Top view of a binary tree

Given a binary tree, print the top view of it.

The top views of the binary tree are the list of visible nodes when the tree is viewed from the top.

Example

Input:
       5
      /  \
     /    \
    2     12
   / \    / \
  /   \  /   \
 1    3 9    21

Output:
1,2,5,12,21

Top view of a BST

Printing top view of a binary tree.

We can solve this by traversing the tree recursively and using a Hashing to track the nodes.

  • Use the relative horizontal distance from the root node to the current nodes as a key and a pair of node value and current level as value and store them in hashmap.
  • Traverse the tree by performing pre-order traversal and check if the current level of the node is less than the maximum level seen so far for the same horizontal distance as current node’s or current horizontal distance is seen for first time, then update the value at the current distance in the map.
  • Do the same by recurring the left subtree by decreasing the distance by 1 and increasing the level by 1 and for right subtree increase the distance by 1 as well as the level by 1.

Order of printing of top view of BST

The most important thing to note is the order in which the values are stored in the map, we need to sort keys before printing them to make sure we print them in right order.

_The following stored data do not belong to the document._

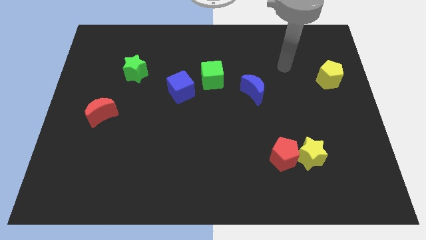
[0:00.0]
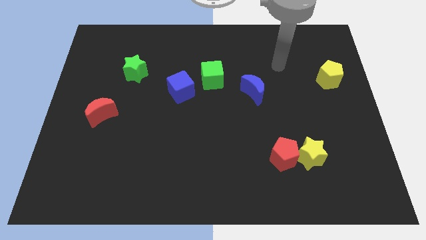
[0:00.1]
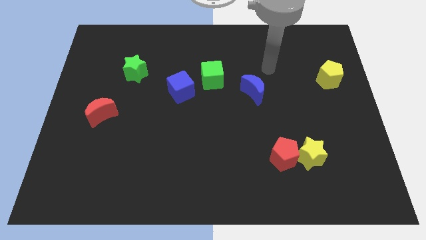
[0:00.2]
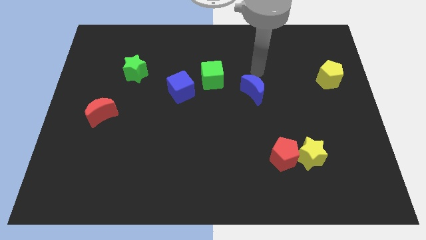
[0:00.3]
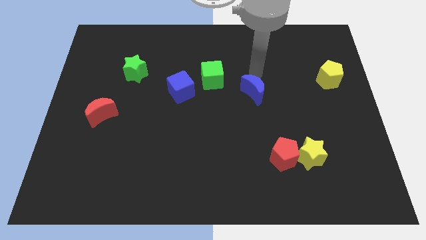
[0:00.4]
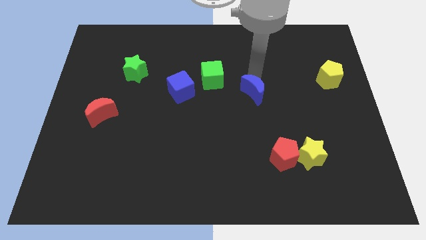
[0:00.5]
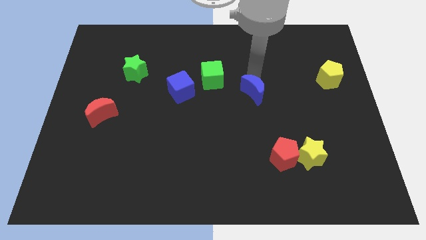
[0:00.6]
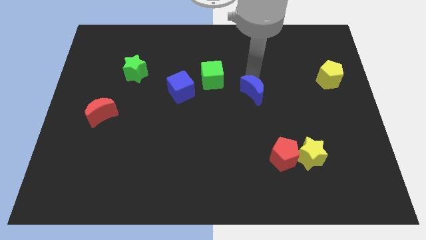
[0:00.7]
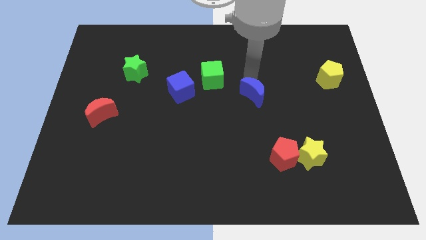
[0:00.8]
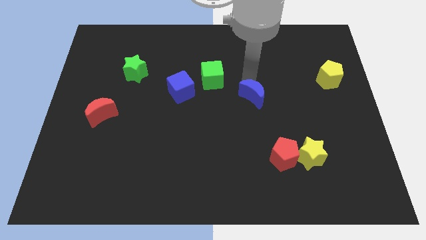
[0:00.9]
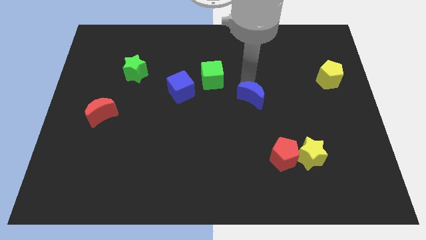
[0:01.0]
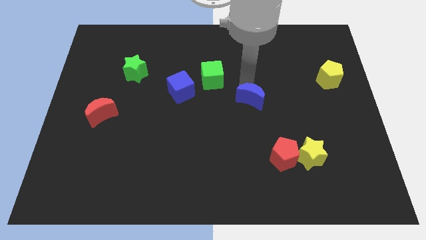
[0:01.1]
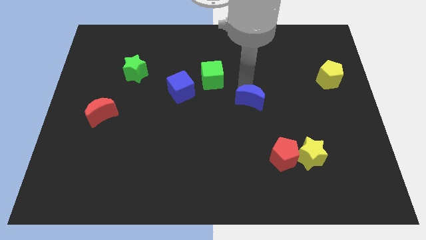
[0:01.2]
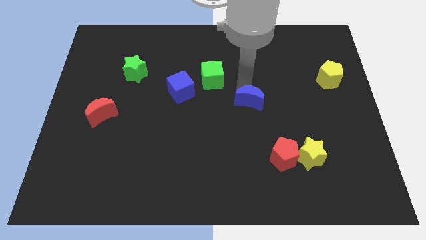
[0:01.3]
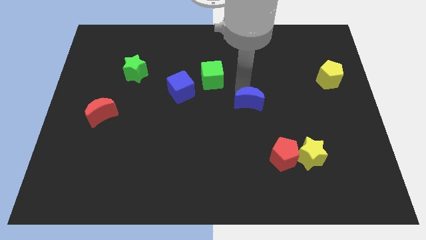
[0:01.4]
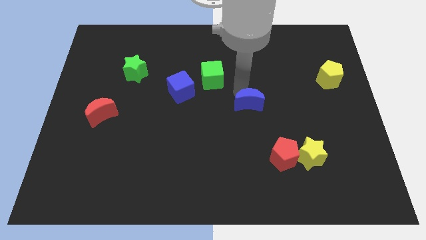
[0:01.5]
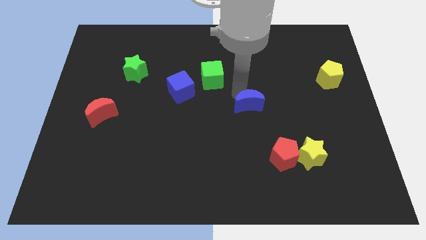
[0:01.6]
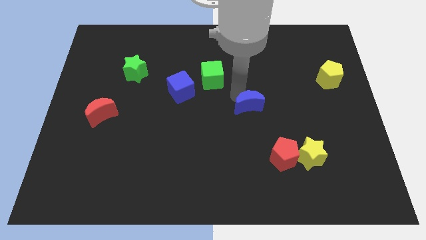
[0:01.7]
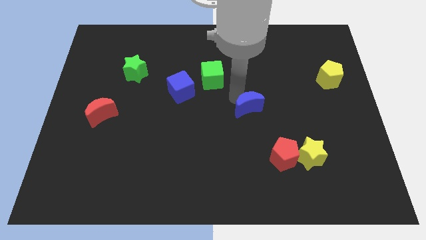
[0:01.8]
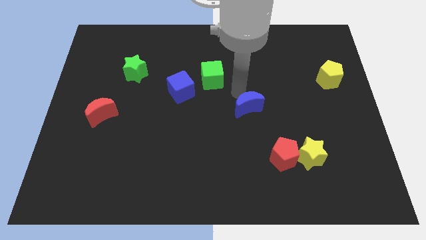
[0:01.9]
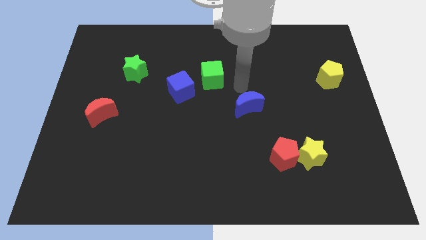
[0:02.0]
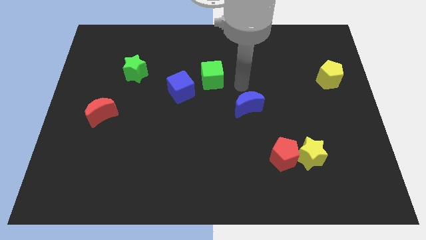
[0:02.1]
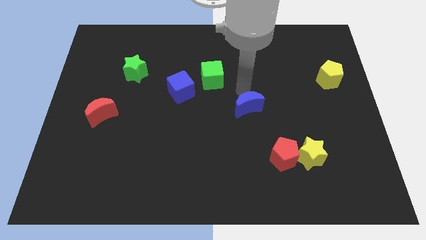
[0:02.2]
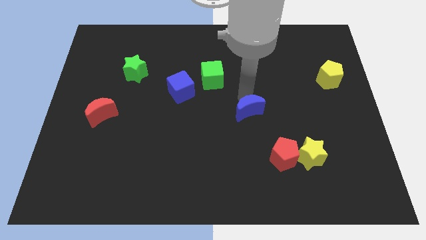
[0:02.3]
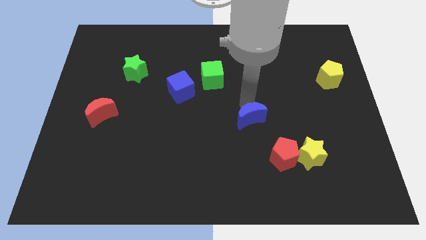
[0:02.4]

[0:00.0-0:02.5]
slightly push the blue moon downwards

const printTopView = (root, dist, level, map) => {
  //base case
  if(root === null){
    return;
  }
  
  //if horizontal distance is not already cached or
  //current level < maximum level for same horizontal distance 
  if (!map[dist] || level < map[dist].level) {
    // update value and level for current distance
    map[dist] = {val: root.val, level: level};
  }

  // decrease horizontal distance and increase level by 1
  // for left subtree
  printTopView(root.left, dist - 1, level + 1, map);

  // increase both level and horizontal distance by 1
  // for right subtree
  printTopView(root.right, dist + 1, level + 1, map);
}
Input:
function Node(val){
  this.val = val;
  this.left = null;
  this.right = null;
}

const tree = new Node(5);  
tree.left = new Node(2);  
tree.right = new Node(12);  
tree.left.left = new Node(1);  
tree.left.right = new Node(3);  
tree.right.left = new Node(9);  
tree.right.right = new Node(21);

//Use object as hashmap
const map = {};

//Get the top view nodes
printTopView(tree, 0, 0, map);

//Sort the keys in hashmap in ascending order and print them
Object.keys(map).sort((a, b) => a - b).forEach(e => {
  console.log(map[e].val);
});

Output:
1
2
5
12
21

Time complexity: O(nlogn).
Space complexity: O(n).